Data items
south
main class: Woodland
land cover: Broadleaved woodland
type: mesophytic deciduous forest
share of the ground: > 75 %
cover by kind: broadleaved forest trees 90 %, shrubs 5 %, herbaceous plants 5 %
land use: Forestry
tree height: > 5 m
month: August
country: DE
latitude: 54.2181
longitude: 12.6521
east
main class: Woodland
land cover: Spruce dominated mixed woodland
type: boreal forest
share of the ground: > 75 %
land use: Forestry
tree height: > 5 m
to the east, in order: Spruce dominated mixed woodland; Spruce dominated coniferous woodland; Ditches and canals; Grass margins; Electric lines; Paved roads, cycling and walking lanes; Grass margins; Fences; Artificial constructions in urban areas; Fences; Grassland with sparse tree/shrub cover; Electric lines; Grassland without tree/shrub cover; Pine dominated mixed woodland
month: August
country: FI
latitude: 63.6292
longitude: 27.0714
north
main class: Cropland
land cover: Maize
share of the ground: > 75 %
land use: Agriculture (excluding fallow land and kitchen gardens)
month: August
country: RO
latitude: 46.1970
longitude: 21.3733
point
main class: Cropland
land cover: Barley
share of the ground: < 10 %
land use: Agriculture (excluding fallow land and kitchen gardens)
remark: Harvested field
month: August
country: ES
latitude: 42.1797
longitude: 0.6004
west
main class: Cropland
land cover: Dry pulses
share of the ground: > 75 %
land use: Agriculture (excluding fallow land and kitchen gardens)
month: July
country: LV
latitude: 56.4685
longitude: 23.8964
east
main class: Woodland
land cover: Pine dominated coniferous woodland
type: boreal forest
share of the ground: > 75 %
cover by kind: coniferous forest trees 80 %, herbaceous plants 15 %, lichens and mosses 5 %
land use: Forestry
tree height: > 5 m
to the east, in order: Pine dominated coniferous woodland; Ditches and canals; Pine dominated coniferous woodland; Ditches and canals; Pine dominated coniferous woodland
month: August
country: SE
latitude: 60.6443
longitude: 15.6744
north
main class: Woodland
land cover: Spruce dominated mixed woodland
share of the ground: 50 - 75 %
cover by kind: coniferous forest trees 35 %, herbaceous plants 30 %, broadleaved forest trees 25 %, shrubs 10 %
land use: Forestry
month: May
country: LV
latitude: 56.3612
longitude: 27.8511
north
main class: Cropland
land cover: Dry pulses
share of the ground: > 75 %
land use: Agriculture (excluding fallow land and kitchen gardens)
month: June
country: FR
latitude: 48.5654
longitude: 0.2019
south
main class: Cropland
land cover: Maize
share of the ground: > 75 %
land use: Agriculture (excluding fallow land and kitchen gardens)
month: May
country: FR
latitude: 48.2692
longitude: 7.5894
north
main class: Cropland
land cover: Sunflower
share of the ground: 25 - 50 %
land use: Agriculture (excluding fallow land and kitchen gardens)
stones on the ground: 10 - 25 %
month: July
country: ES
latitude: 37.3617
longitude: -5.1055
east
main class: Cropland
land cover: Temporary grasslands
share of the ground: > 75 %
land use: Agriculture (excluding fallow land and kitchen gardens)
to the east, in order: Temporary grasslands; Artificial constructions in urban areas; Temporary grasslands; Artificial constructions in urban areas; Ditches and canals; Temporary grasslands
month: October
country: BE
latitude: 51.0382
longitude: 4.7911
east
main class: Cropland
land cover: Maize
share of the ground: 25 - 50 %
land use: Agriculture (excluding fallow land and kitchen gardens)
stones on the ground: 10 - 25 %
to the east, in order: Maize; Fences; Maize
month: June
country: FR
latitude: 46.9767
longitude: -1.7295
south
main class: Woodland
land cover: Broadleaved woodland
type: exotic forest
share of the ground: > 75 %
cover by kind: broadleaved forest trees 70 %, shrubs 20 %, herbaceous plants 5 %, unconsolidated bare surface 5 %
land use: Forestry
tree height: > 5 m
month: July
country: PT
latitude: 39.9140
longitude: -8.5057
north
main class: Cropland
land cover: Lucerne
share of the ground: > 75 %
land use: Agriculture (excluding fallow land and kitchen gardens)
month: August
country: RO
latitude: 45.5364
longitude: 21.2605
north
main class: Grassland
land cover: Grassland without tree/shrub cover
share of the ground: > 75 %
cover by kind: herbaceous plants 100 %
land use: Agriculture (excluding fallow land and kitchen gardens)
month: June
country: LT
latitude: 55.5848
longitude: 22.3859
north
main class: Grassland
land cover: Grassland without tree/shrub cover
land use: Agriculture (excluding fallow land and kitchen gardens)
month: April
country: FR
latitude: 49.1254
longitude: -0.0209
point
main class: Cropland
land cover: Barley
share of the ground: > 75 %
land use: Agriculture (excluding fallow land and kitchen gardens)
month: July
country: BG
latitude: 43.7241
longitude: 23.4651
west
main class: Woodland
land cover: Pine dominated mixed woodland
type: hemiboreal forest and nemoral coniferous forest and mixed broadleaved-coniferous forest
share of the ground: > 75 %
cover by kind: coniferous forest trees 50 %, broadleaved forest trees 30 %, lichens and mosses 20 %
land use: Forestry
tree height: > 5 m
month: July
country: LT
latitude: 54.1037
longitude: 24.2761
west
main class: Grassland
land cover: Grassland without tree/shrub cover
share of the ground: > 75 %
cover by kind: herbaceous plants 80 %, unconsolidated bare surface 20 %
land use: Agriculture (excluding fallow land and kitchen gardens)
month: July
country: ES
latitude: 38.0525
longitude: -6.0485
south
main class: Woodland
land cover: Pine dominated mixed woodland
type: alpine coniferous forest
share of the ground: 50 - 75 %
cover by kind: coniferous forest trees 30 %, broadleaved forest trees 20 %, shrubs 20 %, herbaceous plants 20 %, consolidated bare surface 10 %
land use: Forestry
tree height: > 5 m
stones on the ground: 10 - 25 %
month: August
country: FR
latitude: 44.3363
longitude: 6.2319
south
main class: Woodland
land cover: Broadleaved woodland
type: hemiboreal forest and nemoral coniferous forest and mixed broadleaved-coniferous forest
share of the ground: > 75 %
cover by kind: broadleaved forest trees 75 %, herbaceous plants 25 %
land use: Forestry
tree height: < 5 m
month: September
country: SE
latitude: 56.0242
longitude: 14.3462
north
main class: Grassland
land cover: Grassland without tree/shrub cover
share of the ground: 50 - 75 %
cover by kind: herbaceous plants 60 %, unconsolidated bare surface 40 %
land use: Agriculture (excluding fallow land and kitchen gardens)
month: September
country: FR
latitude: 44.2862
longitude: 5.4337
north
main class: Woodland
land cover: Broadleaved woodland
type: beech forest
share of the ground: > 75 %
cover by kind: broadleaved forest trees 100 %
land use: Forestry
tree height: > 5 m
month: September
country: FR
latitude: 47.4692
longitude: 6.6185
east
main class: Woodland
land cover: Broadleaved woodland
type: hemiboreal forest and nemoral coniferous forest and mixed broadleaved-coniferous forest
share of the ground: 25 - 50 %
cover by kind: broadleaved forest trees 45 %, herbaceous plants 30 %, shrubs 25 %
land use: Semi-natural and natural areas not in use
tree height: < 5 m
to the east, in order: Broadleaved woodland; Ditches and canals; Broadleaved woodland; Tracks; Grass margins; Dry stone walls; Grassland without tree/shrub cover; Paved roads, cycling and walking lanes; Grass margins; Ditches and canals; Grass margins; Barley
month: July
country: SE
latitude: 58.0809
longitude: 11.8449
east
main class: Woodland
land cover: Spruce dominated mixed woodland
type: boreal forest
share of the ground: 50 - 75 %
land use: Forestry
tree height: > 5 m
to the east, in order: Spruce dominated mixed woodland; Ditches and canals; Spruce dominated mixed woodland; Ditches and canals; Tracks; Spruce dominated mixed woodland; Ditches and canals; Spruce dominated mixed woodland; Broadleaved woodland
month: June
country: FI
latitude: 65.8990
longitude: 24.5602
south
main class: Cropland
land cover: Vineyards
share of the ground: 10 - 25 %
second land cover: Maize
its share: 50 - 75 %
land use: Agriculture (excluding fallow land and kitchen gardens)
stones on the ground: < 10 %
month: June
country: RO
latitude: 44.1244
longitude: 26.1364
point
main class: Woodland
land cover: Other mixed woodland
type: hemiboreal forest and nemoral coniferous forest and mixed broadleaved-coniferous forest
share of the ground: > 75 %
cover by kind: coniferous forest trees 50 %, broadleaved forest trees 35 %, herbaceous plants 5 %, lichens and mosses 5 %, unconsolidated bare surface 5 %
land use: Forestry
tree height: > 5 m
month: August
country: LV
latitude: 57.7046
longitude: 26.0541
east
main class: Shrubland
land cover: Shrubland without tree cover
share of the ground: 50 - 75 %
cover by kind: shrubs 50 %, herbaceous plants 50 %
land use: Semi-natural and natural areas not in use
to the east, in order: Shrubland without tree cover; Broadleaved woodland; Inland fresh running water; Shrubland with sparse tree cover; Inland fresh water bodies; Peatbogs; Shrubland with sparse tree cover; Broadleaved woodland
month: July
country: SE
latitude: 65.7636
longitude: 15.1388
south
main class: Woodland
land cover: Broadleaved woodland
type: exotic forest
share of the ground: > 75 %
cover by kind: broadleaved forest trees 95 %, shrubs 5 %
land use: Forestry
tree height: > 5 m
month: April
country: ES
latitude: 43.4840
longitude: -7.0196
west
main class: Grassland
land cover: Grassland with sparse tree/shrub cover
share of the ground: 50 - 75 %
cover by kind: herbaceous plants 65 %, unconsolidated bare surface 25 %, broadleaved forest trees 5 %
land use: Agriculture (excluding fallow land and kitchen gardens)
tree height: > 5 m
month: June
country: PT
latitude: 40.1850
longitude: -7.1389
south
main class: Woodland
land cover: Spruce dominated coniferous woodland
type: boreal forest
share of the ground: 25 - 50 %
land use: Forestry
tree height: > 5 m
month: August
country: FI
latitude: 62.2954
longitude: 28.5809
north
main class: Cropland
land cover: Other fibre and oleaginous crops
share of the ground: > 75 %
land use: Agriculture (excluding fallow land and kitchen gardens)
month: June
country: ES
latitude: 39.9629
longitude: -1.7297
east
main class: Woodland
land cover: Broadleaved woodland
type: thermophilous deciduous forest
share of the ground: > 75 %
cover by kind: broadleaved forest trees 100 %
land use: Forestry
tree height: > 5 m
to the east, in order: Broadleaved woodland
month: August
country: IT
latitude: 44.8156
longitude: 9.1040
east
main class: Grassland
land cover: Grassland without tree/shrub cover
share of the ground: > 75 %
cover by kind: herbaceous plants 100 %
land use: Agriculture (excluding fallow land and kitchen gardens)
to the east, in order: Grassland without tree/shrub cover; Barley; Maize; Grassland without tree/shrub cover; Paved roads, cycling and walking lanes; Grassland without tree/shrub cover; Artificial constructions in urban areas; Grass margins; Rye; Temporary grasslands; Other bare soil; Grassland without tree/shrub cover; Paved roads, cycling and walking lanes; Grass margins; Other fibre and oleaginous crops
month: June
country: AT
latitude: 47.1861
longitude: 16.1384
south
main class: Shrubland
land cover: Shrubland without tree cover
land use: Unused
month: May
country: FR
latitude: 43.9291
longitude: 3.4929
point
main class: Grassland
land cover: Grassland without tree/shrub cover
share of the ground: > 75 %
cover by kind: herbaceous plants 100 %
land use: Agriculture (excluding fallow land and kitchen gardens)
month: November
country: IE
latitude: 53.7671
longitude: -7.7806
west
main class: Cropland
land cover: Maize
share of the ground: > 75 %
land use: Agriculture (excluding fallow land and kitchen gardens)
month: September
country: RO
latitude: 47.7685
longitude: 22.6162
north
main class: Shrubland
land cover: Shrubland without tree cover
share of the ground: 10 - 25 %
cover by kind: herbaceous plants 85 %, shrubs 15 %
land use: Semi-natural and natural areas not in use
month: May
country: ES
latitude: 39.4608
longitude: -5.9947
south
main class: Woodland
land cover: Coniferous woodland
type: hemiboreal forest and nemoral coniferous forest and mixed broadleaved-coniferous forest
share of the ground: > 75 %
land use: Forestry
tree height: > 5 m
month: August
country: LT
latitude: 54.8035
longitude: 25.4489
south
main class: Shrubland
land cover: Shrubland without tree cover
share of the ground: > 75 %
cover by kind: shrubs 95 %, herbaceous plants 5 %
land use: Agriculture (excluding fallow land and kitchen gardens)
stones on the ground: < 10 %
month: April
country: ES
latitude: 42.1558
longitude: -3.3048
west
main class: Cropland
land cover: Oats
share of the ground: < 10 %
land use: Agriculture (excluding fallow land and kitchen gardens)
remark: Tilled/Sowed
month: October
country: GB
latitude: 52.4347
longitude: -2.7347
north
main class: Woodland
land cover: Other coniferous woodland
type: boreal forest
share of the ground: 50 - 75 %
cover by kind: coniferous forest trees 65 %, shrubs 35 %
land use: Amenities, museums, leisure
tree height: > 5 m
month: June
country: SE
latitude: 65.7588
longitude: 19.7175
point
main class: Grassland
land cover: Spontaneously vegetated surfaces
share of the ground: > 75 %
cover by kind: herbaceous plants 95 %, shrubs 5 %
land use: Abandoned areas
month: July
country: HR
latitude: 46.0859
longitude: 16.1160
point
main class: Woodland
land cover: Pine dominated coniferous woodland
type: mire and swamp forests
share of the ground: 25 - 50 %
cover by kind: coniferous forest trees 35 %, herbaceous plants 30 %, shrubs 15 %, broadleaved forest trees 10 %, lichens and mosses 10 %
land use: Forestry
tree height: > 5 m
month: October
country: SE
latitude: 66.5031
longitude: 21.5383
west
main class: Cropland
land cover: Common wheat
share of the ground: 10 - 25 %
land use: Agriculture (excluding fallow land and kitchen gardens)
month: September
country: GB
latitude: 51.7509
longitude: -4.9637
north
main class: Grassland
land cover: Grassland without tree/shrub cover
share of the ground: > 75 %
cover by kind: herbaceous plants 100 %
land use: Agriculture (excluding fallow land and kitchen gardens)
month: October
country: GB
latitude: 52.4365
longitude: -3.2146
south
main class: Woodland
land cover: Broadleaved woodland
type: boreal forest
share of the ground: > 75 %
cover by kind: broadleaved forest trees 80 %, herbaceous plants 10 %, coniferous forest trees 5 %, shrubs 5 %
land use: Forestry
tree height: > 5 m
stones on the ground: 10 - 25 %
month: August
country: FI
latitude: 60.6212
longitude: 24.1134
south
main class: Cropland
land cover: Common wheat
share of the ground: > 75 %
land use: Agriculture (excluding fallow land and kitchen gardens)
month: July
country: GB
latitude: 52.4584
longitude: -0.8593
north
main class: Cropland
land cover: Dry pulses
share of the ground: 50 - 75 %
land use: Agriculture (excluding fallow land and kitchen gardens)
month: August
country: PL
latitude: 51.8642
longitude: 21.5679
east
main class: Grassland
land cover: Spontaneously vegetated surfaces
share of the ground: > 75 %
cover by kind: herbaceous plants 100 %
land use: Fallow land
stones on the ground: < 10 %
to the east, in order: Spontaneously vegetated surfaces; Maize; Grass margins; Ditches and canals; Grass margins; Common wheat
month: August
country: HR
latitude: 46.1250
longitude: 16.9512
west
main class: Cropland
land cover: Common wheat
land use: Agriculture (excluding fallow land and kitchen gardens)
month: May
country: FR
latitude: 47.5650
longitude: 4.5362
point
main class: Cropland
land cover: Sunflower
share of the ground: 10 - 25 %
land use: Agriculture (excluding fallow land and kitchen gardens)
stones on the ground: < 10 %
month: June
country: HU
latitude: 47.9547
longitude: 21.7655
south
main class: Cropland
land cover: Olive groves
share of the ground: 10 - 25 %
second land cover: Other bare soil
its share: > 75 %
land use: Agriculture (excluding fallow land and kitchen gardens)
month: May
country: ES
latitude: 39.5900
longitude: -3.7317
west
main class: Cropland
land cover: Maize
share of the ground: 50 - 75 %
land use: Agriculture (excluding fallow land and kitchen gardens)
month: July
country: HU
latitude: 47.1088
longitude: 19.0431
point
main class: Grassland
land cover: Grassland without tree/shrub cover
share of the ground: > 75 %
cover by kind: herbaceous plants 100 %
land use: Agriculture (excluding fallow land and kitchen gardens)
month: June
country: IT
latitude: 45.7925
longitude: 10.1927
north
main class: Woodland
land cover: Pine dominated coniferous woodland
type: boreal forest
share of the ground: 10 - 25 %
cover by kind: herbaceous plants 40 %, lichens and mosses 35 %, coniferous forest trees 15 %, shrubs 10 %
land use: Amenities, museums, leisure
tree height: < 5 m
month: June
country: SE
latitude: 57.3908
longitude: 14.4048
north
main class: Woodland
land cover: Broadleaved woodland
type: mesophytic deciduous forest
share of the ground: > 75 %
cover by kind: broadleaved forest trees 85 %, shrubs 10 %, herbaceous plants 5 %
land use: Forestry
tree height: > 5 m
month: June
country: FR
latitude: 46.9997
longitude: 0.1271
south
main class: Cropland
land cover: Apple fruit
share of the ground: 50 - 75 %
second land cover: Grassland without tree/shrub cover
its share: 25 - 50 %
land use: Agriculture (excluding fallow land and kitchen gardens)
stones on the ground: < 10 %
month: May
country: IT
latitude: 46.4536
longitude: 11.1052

• WHAT IS BEING ASKED:
Which lines of the data hold the string "unconsolidated"? Return each of them.

• WRITTEN ANSWER:
cover by kind: broadleaved forest trees 70 %, shrubs 20 %, herbaceous plants 5 %, unconsolidated bare surface 5 %
cover by kind: herbaceous plants 80 %, unconsolidated bare surface 20 %
cover by kind: herbaceous plants 60 %, unconsolidated bare surface 40 %
cover by kind: coniferous forest trees 50 %, broadleaved forest trees 35 %, herbaceous plants 5 %, lichens and mosses 5 %, unconsolidated bare surface 5 %
cover by kind: herbaceous plants 65 %, unconsolidated bare surface 25 %, broadleaved forest trees 5 %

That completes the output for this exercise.